Oleh: Husein Muhammad
Masih banyak orang yang menolak ide kesetaraan gender sambil menyebut ayat al-Qur’an, al-Nisa, [4]:34, sebagai landasan teologisnya.
Ayat ini dalam terjemahan Kementerian Agama RI adalah : “Kaum laki-laki itu adalah pemimpin bagi kaum wanita, oleh karena Allah telah melebihkan sebahagian mereka (laki-laki) atas sebahagian yang lain (wanita), dan karena mereka (laki-laki) telah menafkahkan sebagian dari harta mereka.”
Padahal pembaca ayat ini jika lebih cermat dan kritis akan menemukan bahwa redaksi mengisyaratkan nuansa-nuansa kontekstualitasnya.
Pertama, ayat ini sedang mendiskripsikan sebuah situasi social-budaya Arabia abad 7 yang patriarkis, bahwa laki-laki adalah entitas superior, sementara perempuan adalah entitas inferior. Jadi ia bukanlah ayat yang mengandung norma universal.
Kedua, ayat ini kemudian menyebutkan dua alasan mengapa relasi laki-laki dan perempuan seperti itu yaitu karena laki-laki memiliki keunggulan atas perempuan, dan laki-laki secara fungsional bertanggungjawab atas kebutuhan perempuan (dan keluarganya).
Mengenai alasan yang pertama ayat ini tidak secara eksplisit menyebutkan faktor keunggulan tersebut.
Para ahli tafsirlah yang kemudian menyebutkan bahwa keunggulan tersebut, antara lain dan terutama kecerdasan intelektual.
Ketiga, segera harus dikemukakan bahwa dalam waktu yang sama ayat ini mengemukakan bahwa keunggulan laki-laki atas perempuan, tidaklah absolute/mutlak. Ia menyebutkan dengan jelas “ba’dhahum ‘ala ba’dh” (sebagian atas sebagian).
Pernyataan ini sangat realistis dan masuk akal.

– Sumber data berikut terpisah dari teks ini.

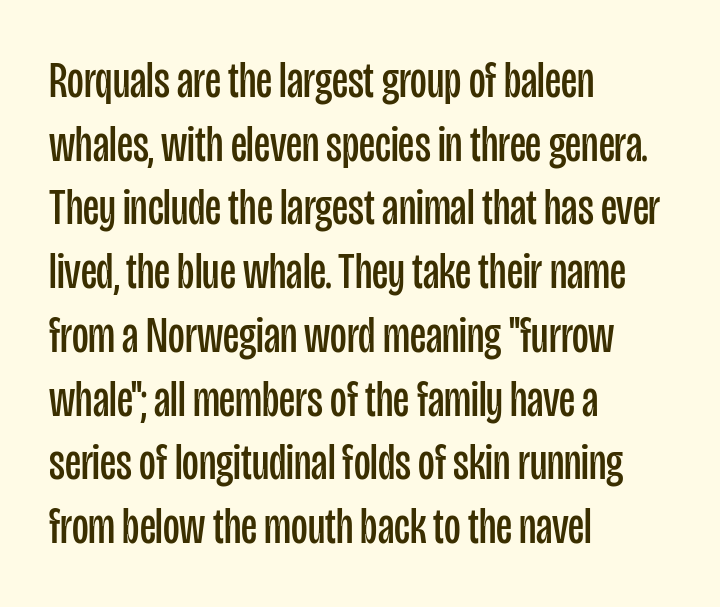
Q: Is the text bold? A: No.
Q: Is the text italic (slanted)? A: No, it is upright.
Q: Is the typeface a serif or a sans-serif typeface? A: Sans-serif.
Q: Is the text underlined? A: No.
Q: How is the paragraph aligned? A: Left-aligned.
Q: Is the spacing between letters normal or unusually wide? A: Normal.
Q: Is the spacing between lines tight, normal or loose? A: Normal.
Q: Width (condensed, normal, or wide)? A: Condensed.
Q: Stroke contrast? A: Low.
Q: x-height? A: Large.
Q: Monospaced? A: No.
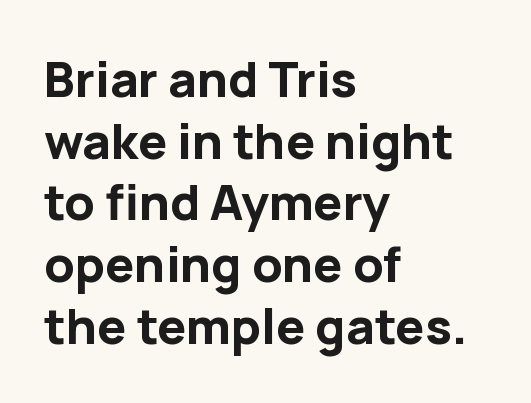
The image shows 49 px bold sans-serif type, upright; set left-aligned, normal line spacing (1.26x), normal letter spacing, not underlined; low stroke contrast and a medium x-height.
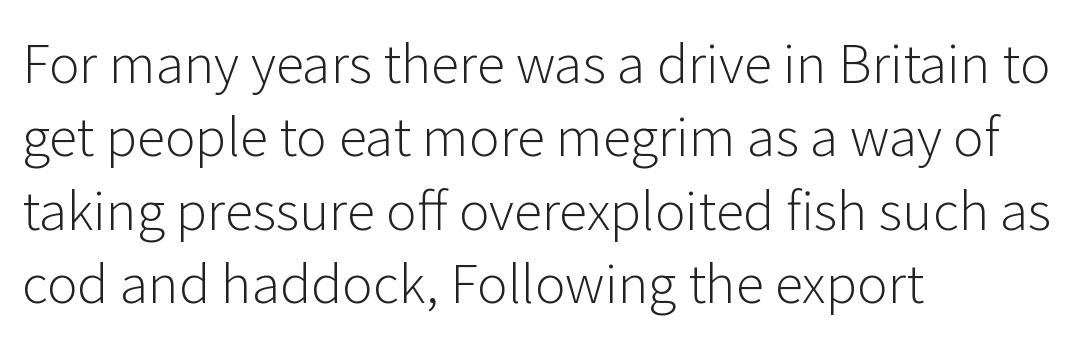
{"serif": "no", "italic": "no", "bold": "no", "weight": "light", "width": "normal", "stroke_contrast": "low", "x_height": "medium", "monospaced": "no", "underline": "no", "align": "left", "line_spacing": "normal", "line_spacing_ratio": 1.41, "letter_spacing": "normal", "letter_spacing_em": 0.0, "glyph_px": 52}

Fakta-fakta sejarah umat manusia di berbagai benua dan di berbagai komunitas sampai hari ini memperlihatkan betapa relatifnya potensi akal intelektual antara laki-laki dan perempuan.
Siti Aisyah, isteri Nabi, misalnya, pada zamannya diakui sebagai perempuan dengan tingkat kecerdasan yang mengungguli kebanyakan laki-laki.